Heck, it’s not even as simple as weight loss = fat loss.

Anyone who has ever tried to lose more than 5 lbs knows that.

1. Your weight doesn’t tell you if you’ve gained or lost fat, it tells you the sum total mass of your skin, bones, organs, digestive goodies, muscle, fat, and water.

2. Hormones, stress, and fluid can fluctuate your weight much more prominently than fat loss or gain.

3. Your metabolism (the number of calories you burn) is not a fixed target. Your thyroid, adrenal system, eating patterns, movement patterns and more are constantly compensating, adjusting, and adapting. Just “eat less and move more” oversimplifies what can be a very complex concept. About half of my weight loss clients lose weight when we add calories, because of these adaptations.

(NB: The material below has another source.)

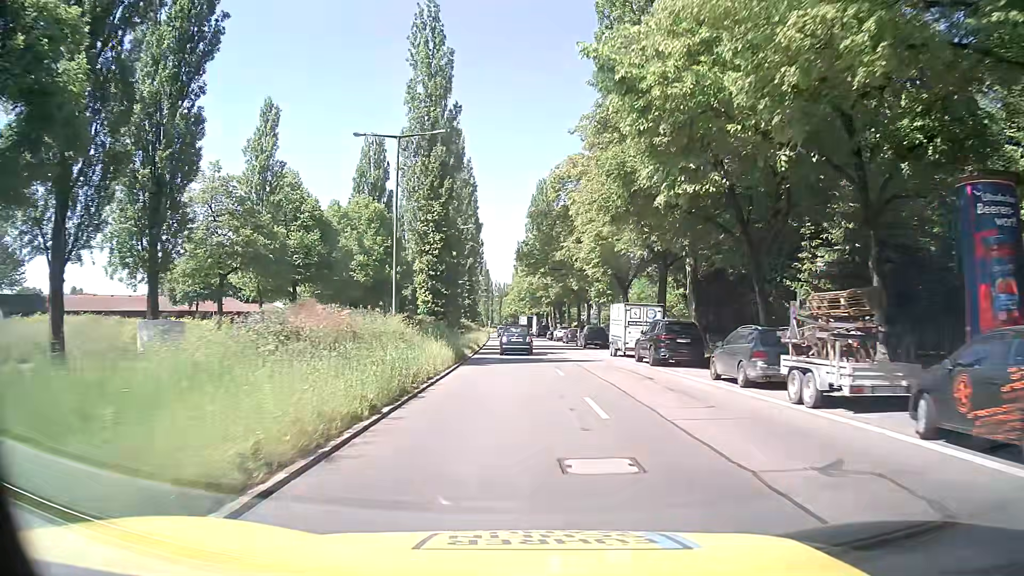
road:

4. Functional disruptions can freak your body out and make it resistant to fat loss. Gut dysbiosis/malabsorption, PCOS, and stressed-out adrenal systems are issues I see often. If you don’t address the functional root, you can deficit all you want and you may or may not see significant change.

So don’t bet everything on “eat less and move more.” It’s a good place to start for many, but if it isn’t working, dive deeper and find out why not. Want some support for your fat loss journey? DM me to get scheduled - it’s covered by most major health insurances!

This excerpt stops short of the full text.